Task material —
========================================================================

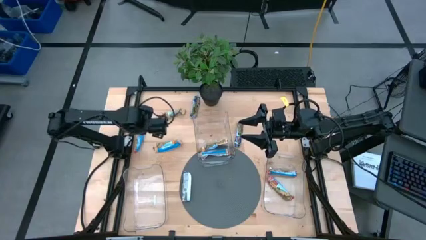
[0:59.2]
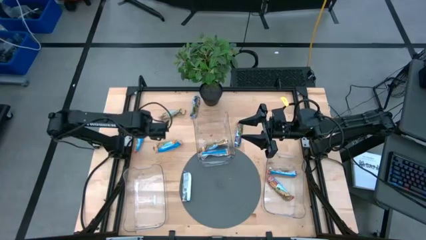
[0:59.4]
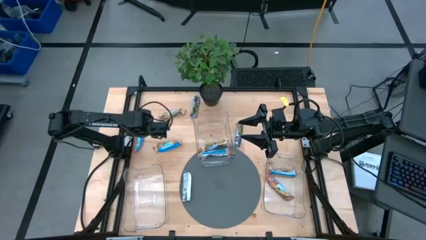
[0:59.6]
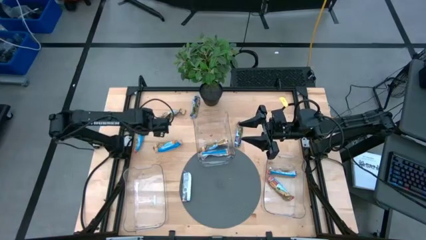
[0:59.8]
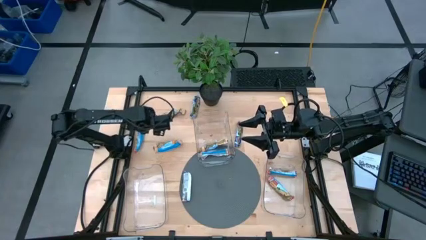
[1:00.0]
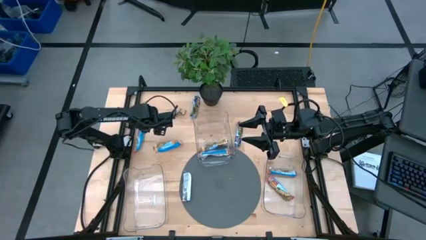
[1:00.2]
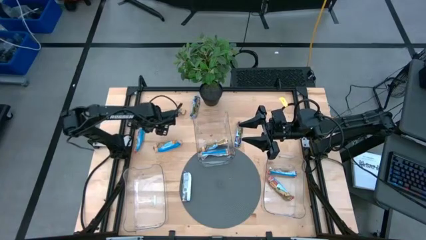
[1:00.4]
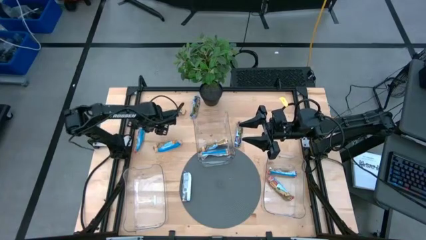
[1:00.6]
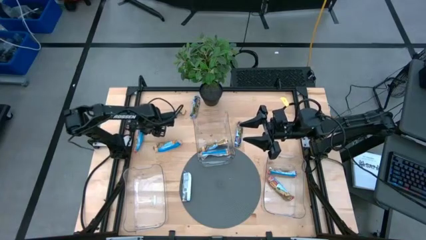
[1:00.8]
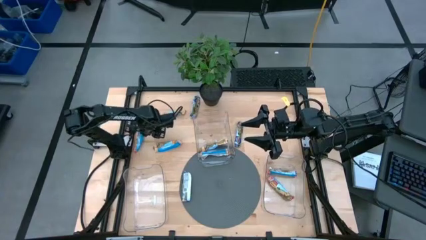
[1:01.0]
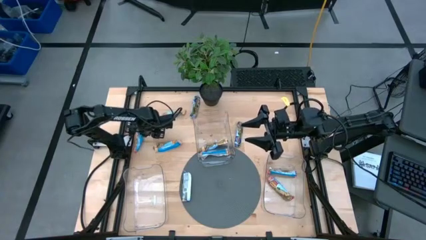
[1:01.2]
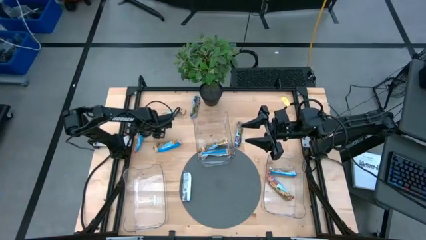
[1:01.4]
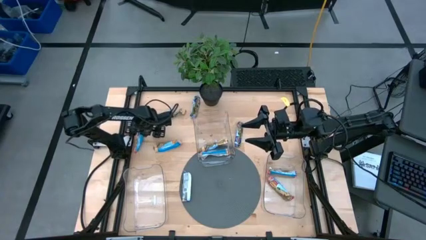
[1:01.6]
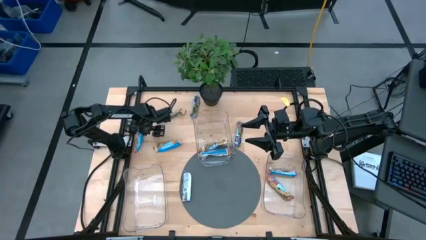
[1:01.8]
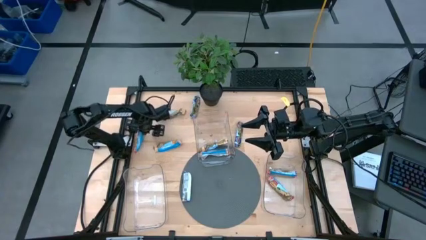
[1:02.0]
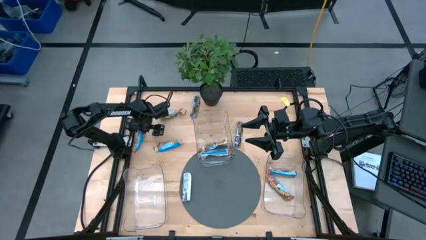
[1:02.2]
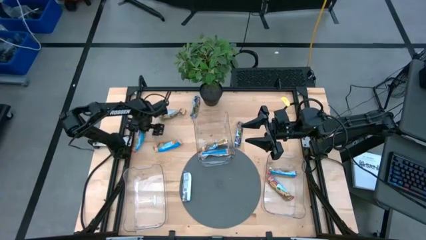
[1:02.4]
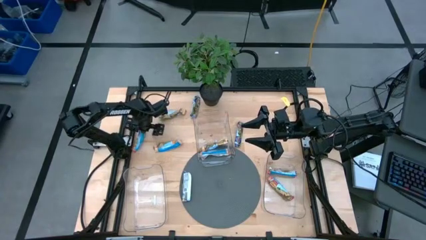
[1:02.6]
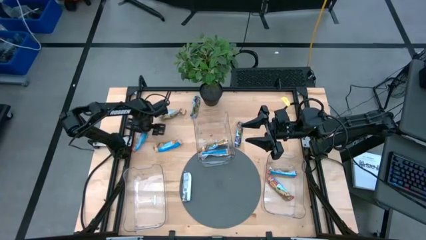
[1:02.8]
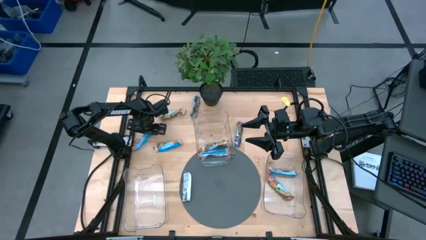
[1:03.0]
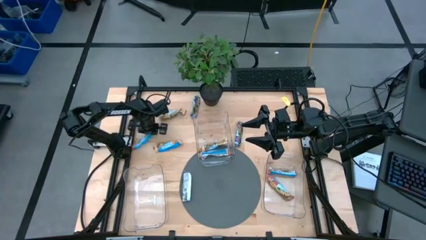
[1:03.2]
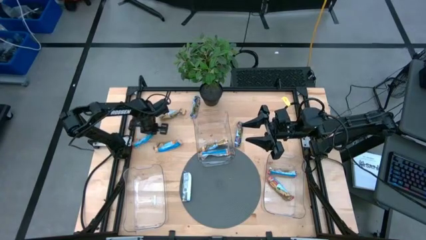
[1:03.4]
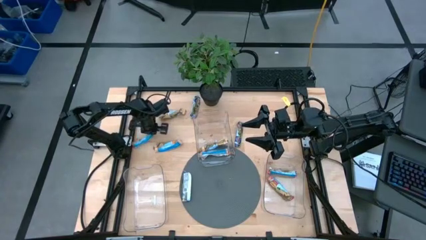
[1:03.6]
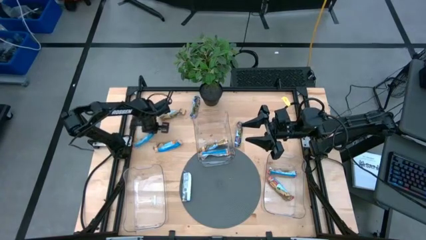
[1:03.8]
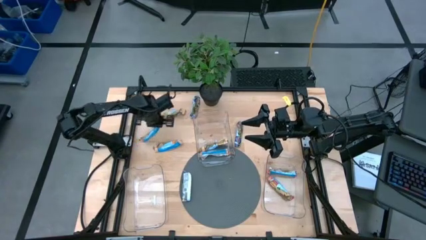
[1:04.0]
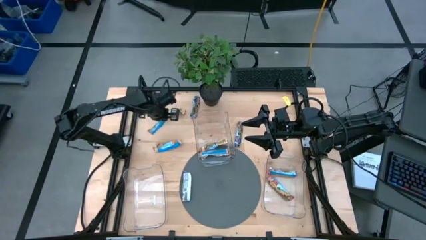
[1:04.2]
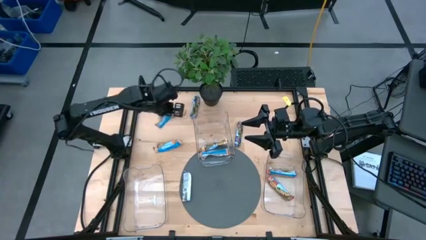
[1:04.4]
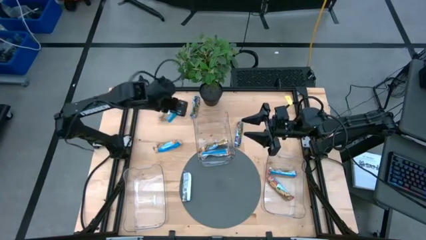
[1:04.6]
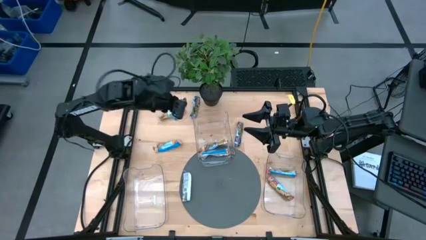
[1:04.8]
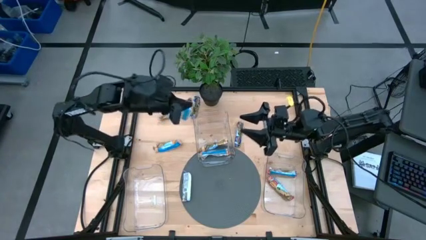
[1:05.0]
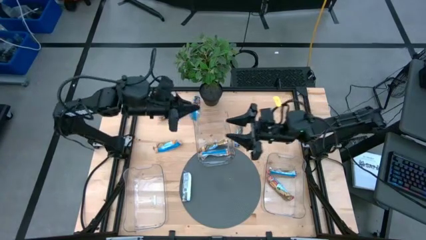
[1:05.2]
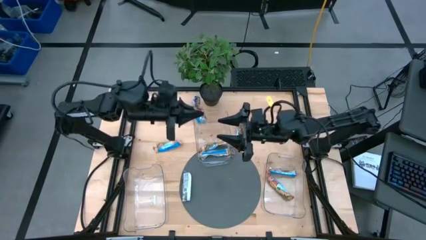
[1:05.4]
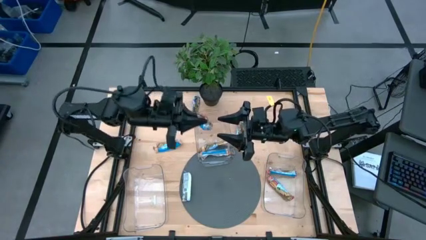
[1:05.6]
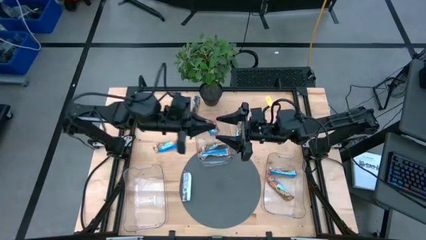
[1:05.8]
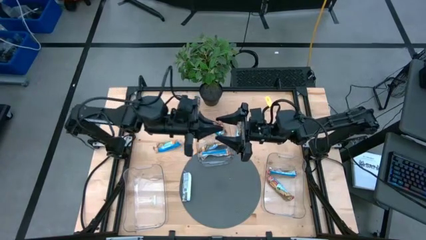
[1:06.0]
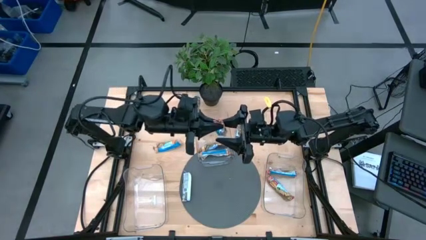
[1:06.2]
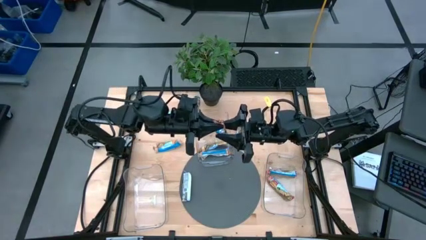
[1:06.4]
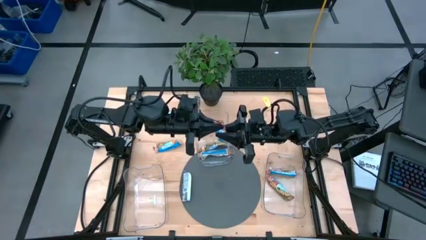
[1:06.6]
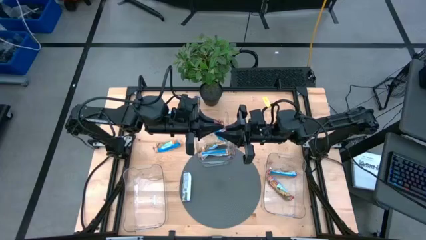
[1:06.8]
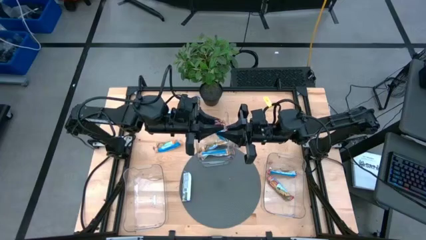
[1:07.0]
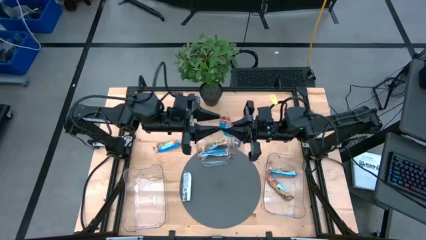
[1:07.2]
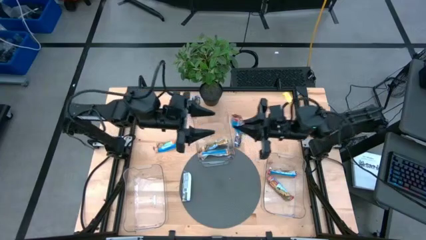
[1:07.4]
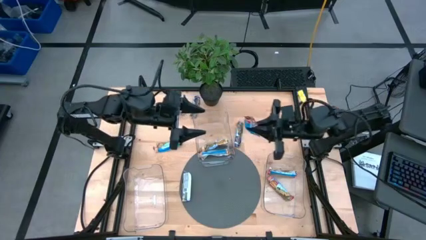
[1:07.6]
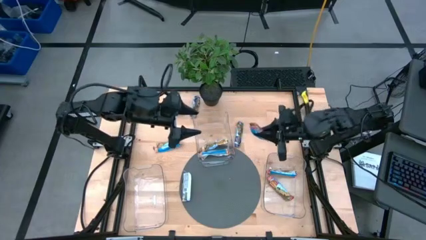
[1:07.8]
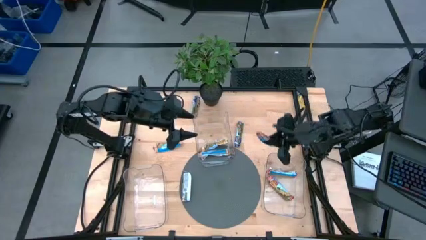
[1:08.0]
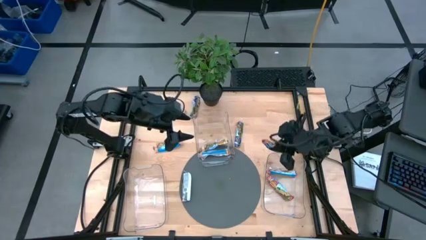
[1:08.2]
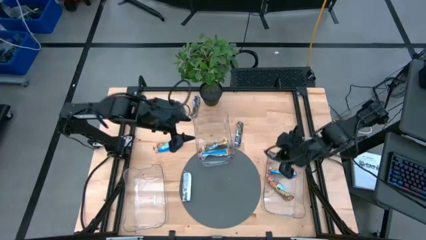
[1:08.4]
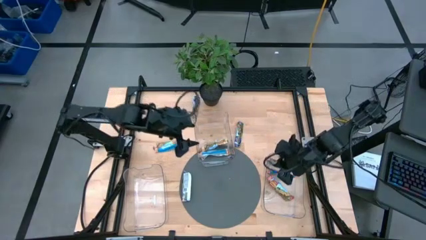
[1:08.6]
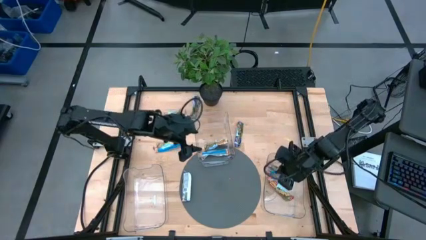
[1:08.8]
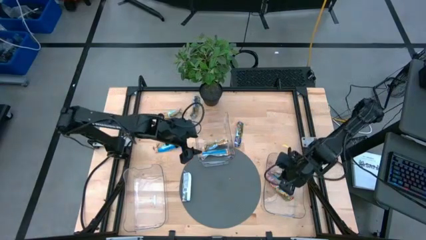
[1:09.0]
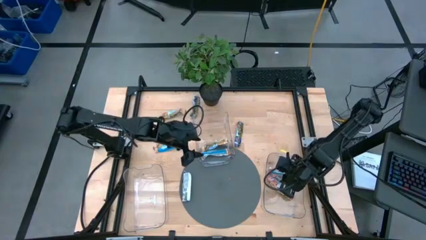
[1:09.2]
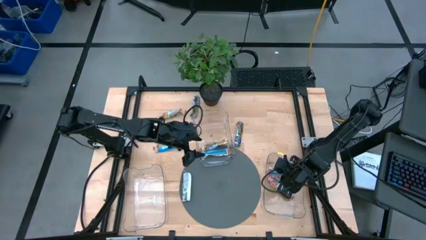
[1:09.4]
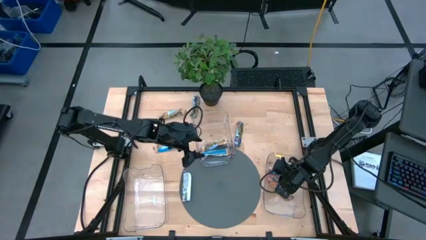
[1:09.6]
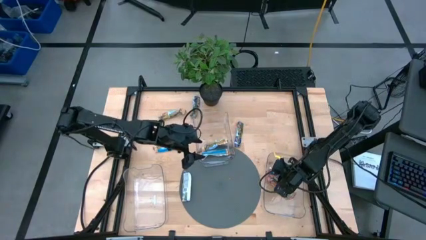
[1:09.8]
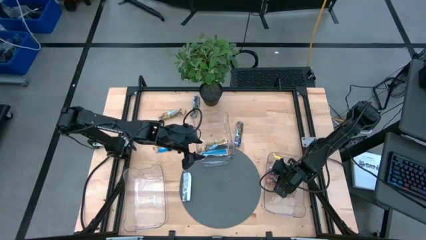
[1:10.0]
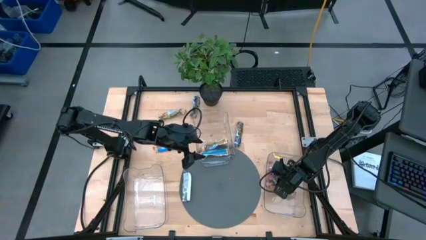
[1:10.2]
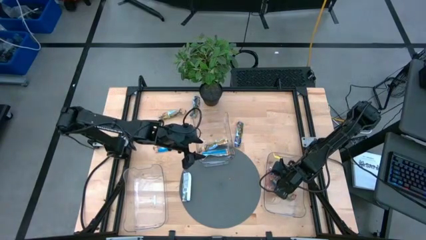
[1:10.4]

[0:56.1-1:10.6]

========================================================================

Retype each record exactly as it appears above and drop the images.

Completed task —
[0:59.2]
[0:59.4]
[0:59.6]
[0:59.8]
[1:00.0]
[1:00.2]
[1:00.4]
[1:00.6]
[1:00.8]
[1:01.0]
[1:01.2]
[1:01.4]
[1:01.6]
[1:01.8]
[1:02.0]
[1:02.2]
[1:02.4]
[1:02.6]
[1:02.8]
[1:03.0]
[1:03.2]
[1:03.4]
[1:03.6]
[1:03.8]
[1:04.0]
[1:04.2]
[1:04.4]
[1:04.6]
[1:04.8]
[1:05.0]
[1:05.2]
[1:05.4]
[1:05.6]
[1:05.8]
[1:06.0]
[1:06.2]
[1:06.4]
[1:06.6]
[1:06.8]
[1:07.0]
[1:07.2]
[1:07.4]
[1:07.6]
[1:07.8]
[1:08.0]
[1:08.2]
[1:08.4]
[1:08.6]
[1:08.8]
[1:09.0]
[1:09.2]
[1:09.4]
[1:09.6]
[1:09.8]
[1:10.0]
[1:10.2]
[1:10.4]

[0:56.1-1:10.6]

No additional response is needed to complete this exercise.